I’ve been optimizing an automation system that switches between Claude and OpenAI models based on cache requirements. The separate API costs are killing my budget. Does anyone have strategies for managing multiple LLM subscriptions more efficiently? Specifically looking for solutions that allow model switching without multiplying expenses.
We faced this exact issue at my last company. Started using Latenode’s single subscription for 400+ models - now we toggle between Claude and OpenAI based on cache needs without separate API fees. Saved 60% on monthly AI costs immediately. https://latenode.com
Have you considered implementing a proxy layer to manage API calls? Though honestly, after trying that approach, we found maintaining it was too time-consuming. Ended up switching to platforms with unified model access.

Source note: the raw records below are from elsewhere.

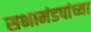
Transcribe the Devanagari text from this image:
सभामंडपांच्या
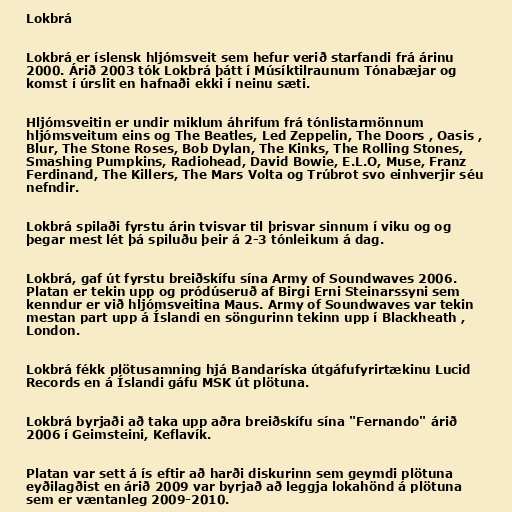
Lokbrá

Lokbrá er íslensk hljómsveit sem hefur verið starfandi frá árinu
2000. Árið 2003 tók Lokbrá þátt í Músíktilraunum Tónabæjar og
komst í úrslit en hafnaði ekki í neinu sæti.

Hljómsveitin er undir miklum áhrifum frá tónlistarmönnum
hljómsveitum eins og The Beatles, Led Zeppelin, The Doors , Oasis ,
Blur, The Stone Roses, Bob Dylan, The Kinks, The Rolling Stones,
Smashing Pumpkins, Radiohead, David Bowie, E.L.O, Muse, Franz
Ferdinand, The Killers, The Mars Volta og Trúbrot svo einhverjir séu
nefndir.

Lokbrá spilaði fyrstu árin tvisvar til þrisvar sinnum í viku og og
þegar mest lét þá spiluðu þeir á 2-3 tónleikum á dag.

Lokbrá, gaf út fyrstu breiðskífu sína Army of Soundwaves 2006.
Platan er tekin upp og pródúseruð af Birgi Erni Steinarssyni sem
kenndur er við hljómsveitina Maus. Army of Soundwaves var tekin
mestan part upp á Íslandi en söngurinn tekinn upp í Blackheath ,
London.

Lokbrá fékk plötusamning hjá Bandaríska útgáfufyrirtækinu Lucid
Records en á Íslandi gáfu MSK út plötuna.

Lokbrá byrjaði að taka upp aðra breiðskífu sína "Fernando" árið
2006 í Geimsteini, Keflavík.

Platan var sett á ís eftir að harði diskurinn sem geymdi plötuna
eyðilagðist en árið 2009 var byrjað að leggja lokahönd á plötuna
sem er væntanleg 2009-2010.

I built a custom solution using AWS Lambda to route requests, but debugging latency issues became problematic. If I were to start over, I’d look for a platform with native multi-model support to avoid reinventing the wheel.
Key metrics to track: cache hit rates per model and cost-per-request differentials. Implement model routing based on these factors. Platforms offering consolidated billing across providers would simplify this significantly.
try combinig model access under one sub if posible. sum services offer this nw. less hassle.
Centralize model access through single gateway with usage-based routing.
This topic was automatically closed 24 hours after the last reply. New replies are no longer allowed.